Data excerpts:
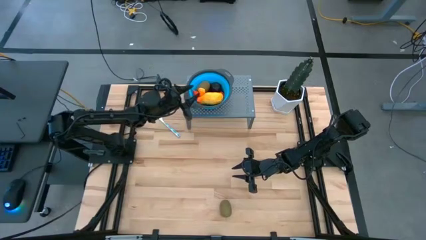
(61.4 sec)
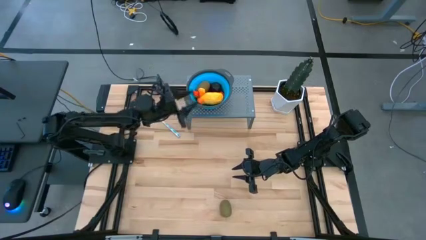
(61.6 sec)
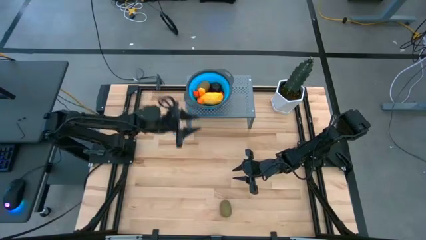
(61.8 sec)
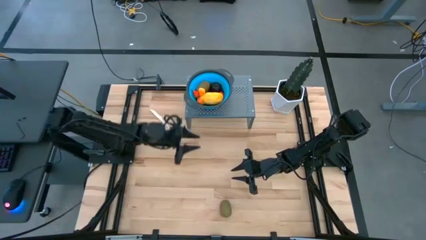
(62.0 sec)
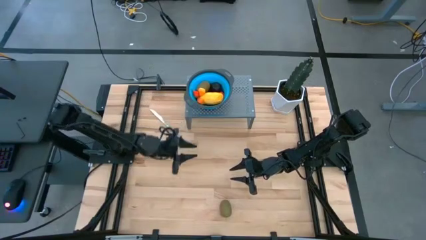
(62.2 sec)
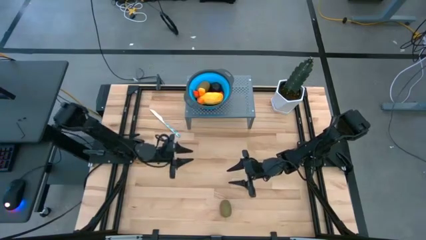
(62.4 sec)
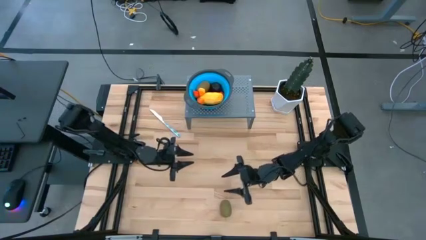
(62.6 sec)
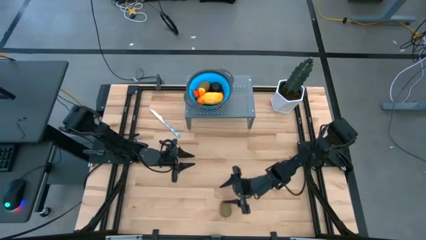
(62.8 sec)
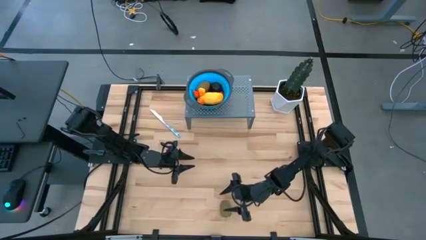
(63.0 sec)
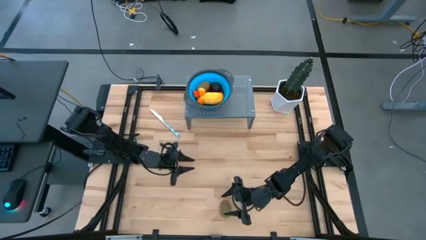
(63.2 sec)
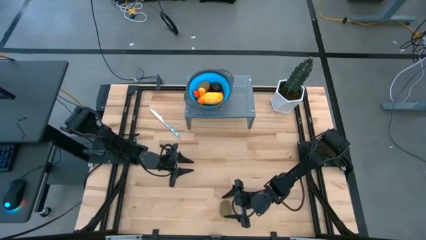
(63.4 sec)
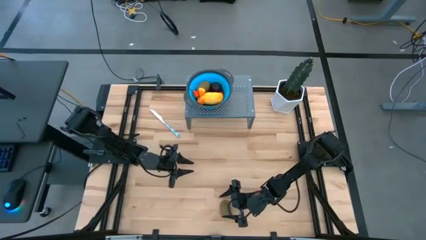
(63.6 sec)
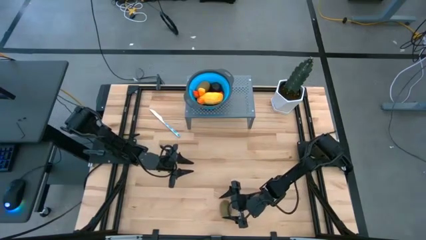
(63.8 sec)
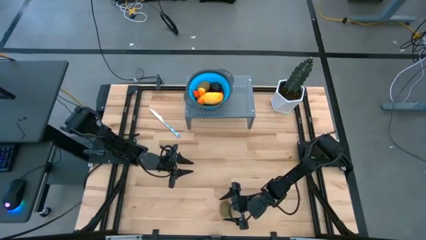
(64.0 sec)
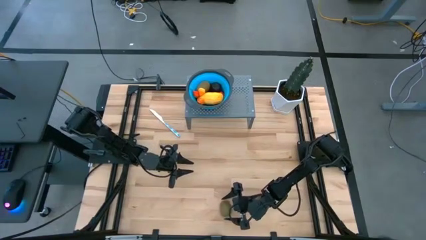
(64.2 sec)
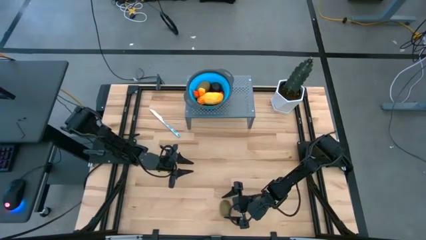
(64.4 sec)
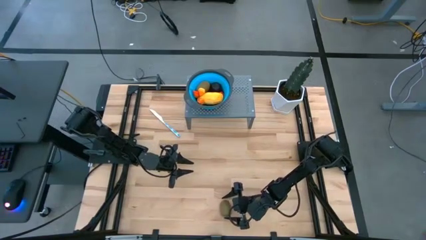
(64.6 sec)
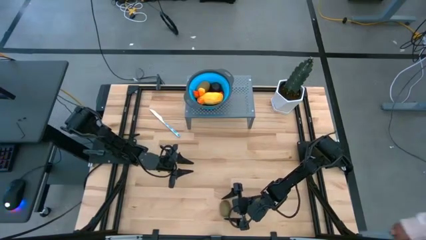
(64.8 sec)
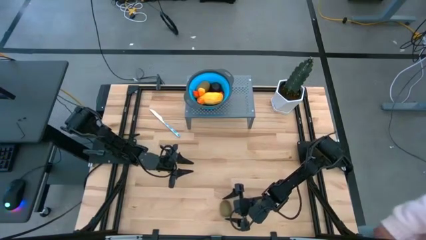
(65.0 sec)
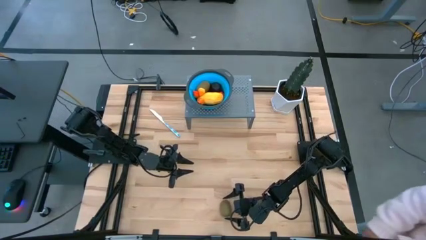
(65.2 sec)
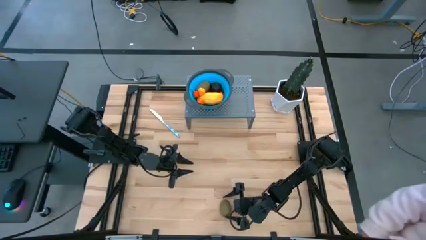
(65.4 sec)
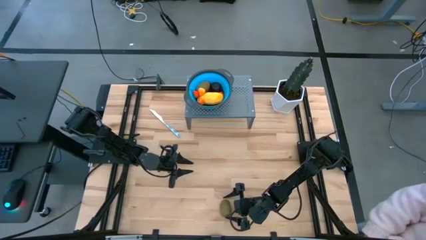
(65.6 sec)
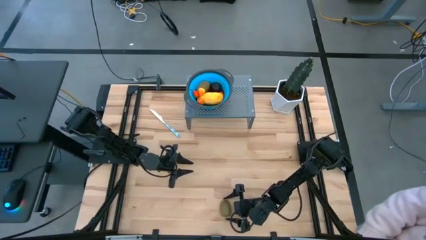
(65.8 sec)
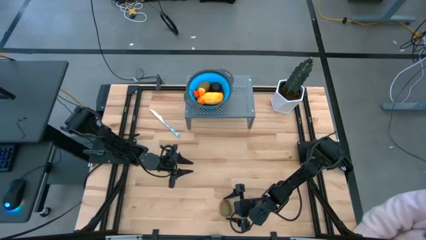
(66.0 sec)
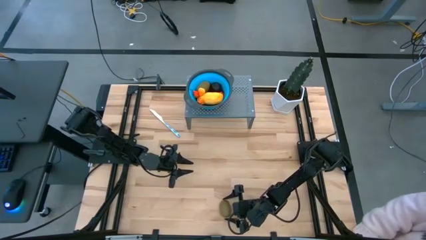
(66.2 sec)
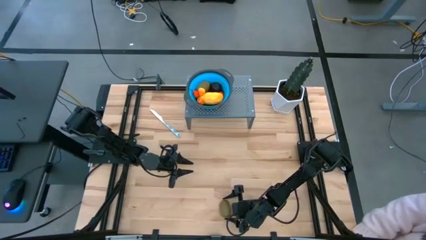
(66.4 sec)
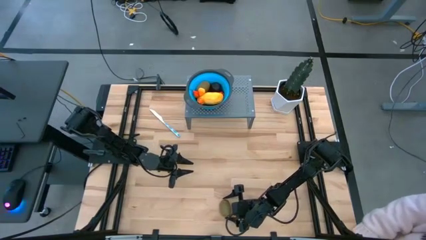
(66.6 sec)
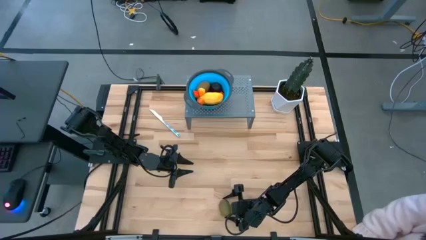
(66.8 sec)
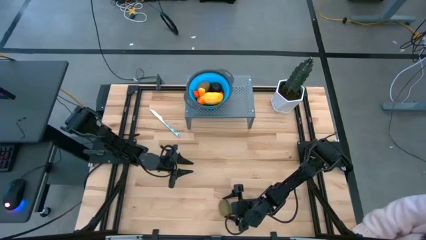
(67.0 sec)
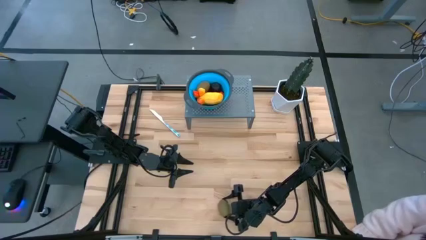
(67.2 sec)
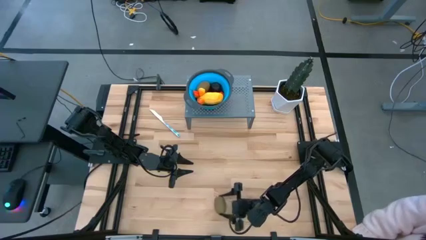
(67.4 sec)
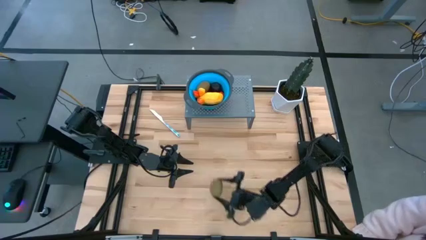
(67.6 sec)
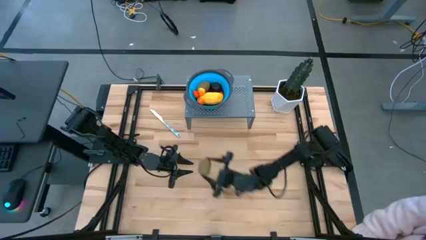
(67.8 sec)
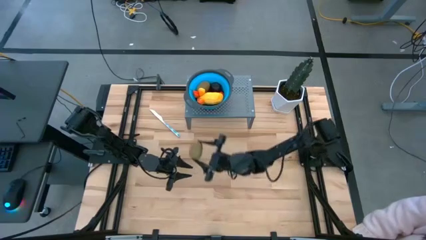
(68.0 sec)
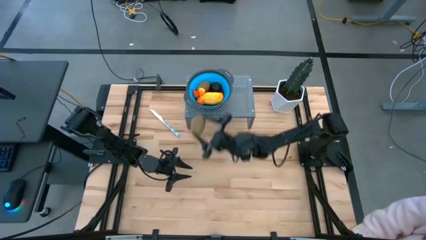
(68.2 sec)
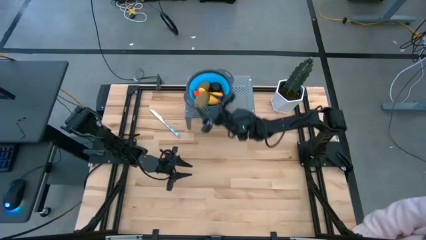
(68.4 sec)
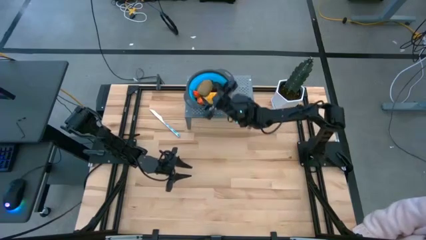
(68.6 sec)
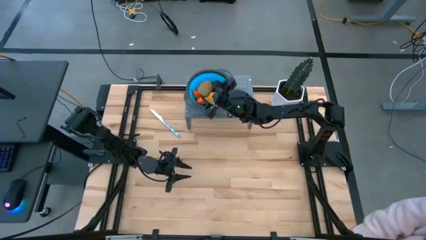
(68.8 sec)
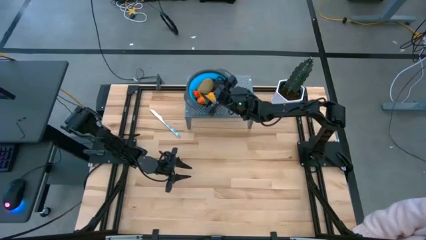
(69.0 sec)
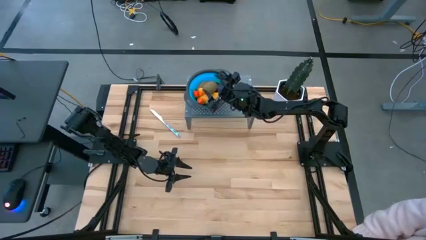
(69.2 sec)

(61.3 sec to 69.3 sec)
Task: Pick & Place Fruit
Put the green kiwi into the blue strainer bowl

■ **What this task involves**: Reproduce the data above word for word, but leave the images out.

■ **Output for this task**:
(61.4 sec)
(61.6 sec)
(61.8 sec)
(62.0 sec)
(62.2 sec)
(62.4 sec)
(62.6 sec)
(62.8 sec)
(63.0 sec)
(63.2 sec)
(63.4 sec)
(63.6 sec)
(63.8 sec)
(64.0 sec)
(64.2 sec)
(64.4 sec)
(64.6 sec)
(64.8 sec)
(65.0 sec)
(65.2 sec)
(65.4 sec)
(65.6 sec)
(65.8 sec)
(66.0 sec)
(66.2 sec)
(66.4 sec)
(66.6 sec)
(66.8 sec)
(67.0 sec)
(67.2 sec)
(67.4 sec)
(67.6 sec)
(67.8 sec)
(68.0 sec)
(68.2 sec)
(68.4 sec)
(68.6 sec)
(68.8 sec)
(69.0 sec)
(69.2 sec)

(61.3 sec to 69.3 sec)
Task: Pick & Place Fruit
Put the green kiwi into the blue strainer bowl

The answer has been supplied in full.